* Task instructions
Record by record, write out the listing word for word while omitting pictures.

* Data provided
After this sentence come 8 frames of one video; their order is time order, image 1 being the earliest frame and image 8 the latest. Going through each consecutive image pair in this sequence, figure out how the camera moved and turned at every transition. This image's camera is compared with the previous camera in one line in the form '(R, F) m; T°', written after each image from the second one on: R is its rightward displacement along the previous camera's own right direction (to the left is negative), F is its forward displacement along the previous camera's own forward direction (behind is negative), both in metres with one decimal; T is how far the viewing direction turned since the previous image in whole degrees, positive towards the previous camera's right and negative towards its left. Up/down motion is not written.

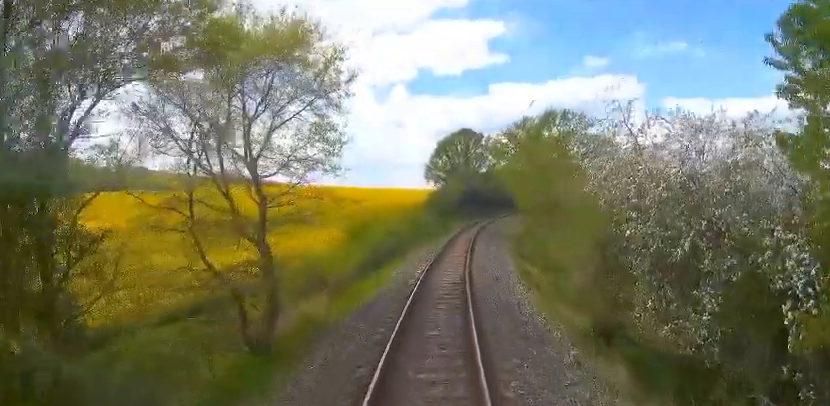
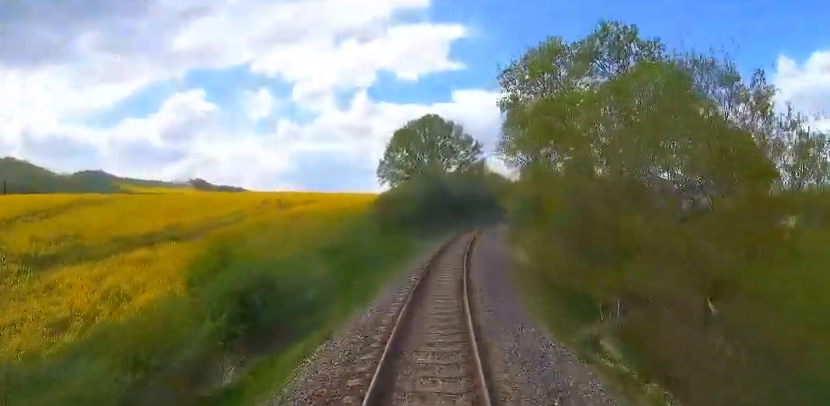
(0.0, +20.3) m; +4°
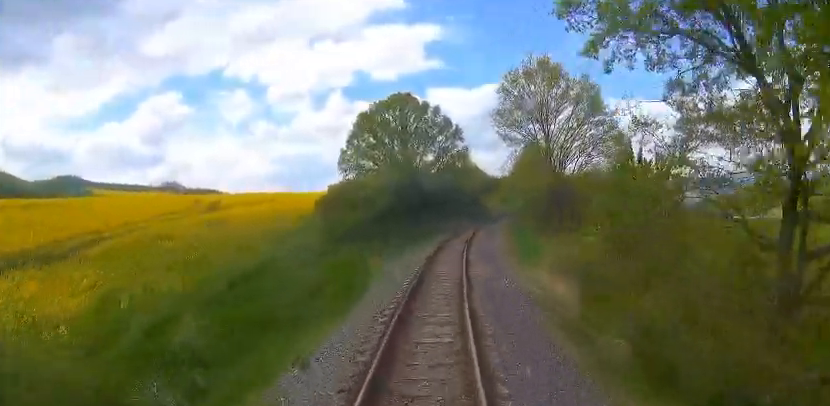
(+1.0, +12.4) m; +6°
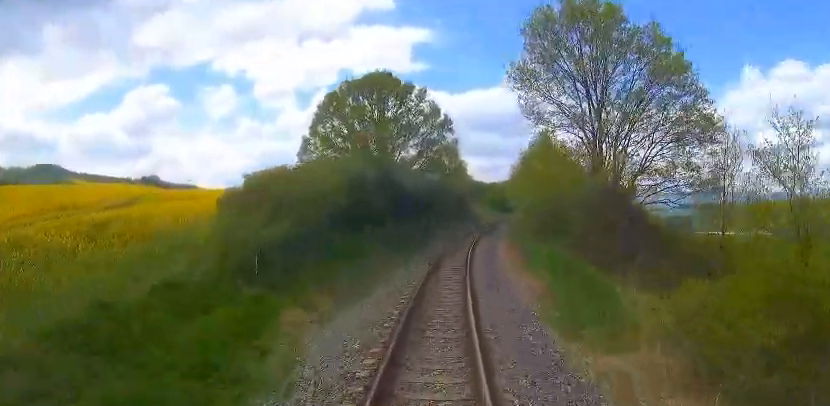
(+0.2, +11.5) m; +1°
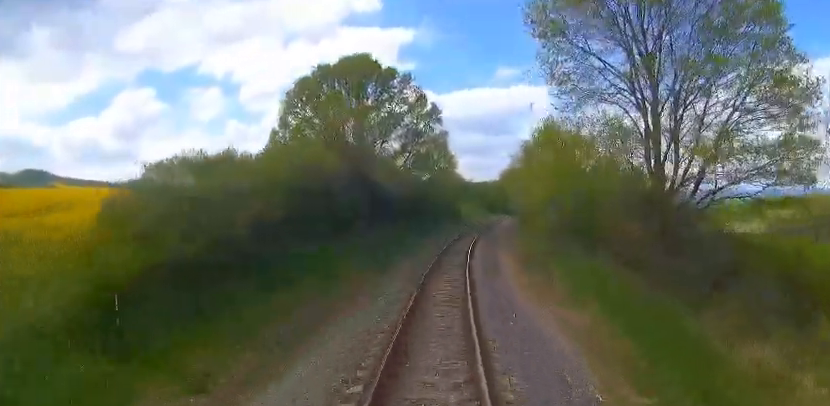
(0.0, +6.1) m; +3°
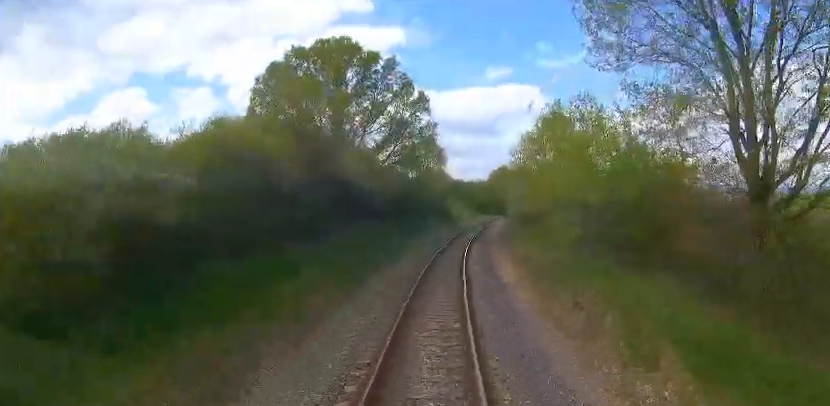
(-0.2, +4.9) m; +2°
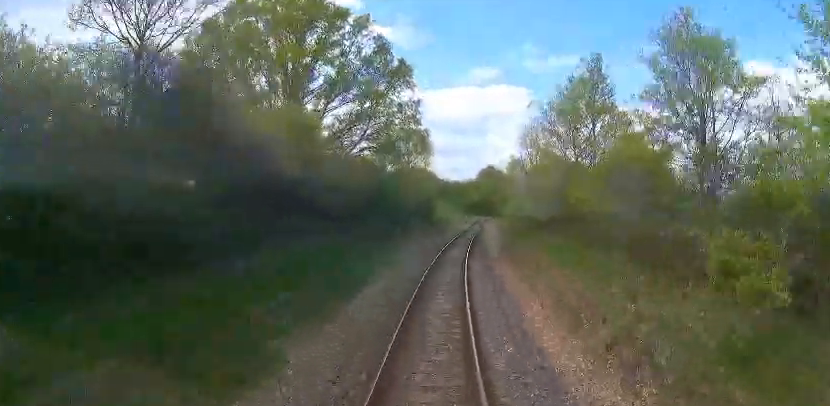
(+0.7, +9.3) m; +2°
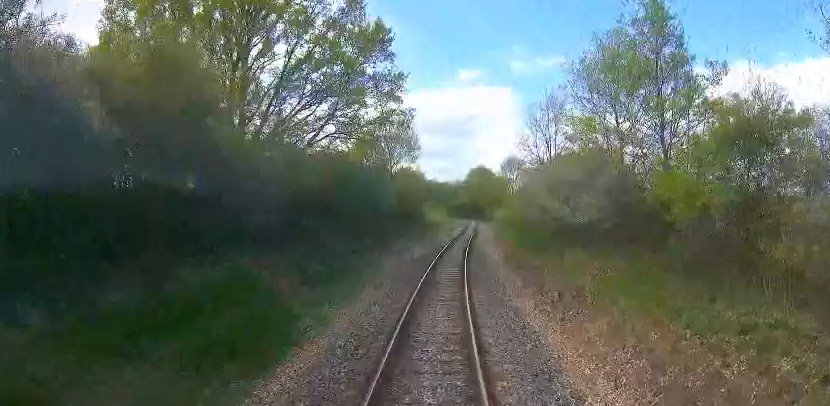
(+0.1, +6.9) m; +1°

* Final answer
After this sentence come 8 frames of one video; their order is time order, image 1 being the earliest frame and image 8 the latest. Going through each consecutive image pair in this sequence, figure out how the camera moved and turned at every transition. This image's camera is compared with the previous camera in one line in the form '(R, F) m; T°', written after each image from the second one on: R is its rightward displacement along the previous camera's own right direction (to the left is negative), F is its forward displacement along the previous camera's own forward direction (behind is negative), both in metres with one decimal; T is how far the viewing direction turned since the previous image in whole degrees, positive towards the previous camera's right and negative towards its left. Up/down motion is not written.

(0.0, +20.3) m; +4°
(+1.0, +12.4) m; +6°
(+0.2, +11.5) m; +1°
(0.0, +6.1) m; +3°
(-0.2, +4.9) m; +2°
(+0.7, +9.3) m; +2°
(+0.1, +6.9) m; +1°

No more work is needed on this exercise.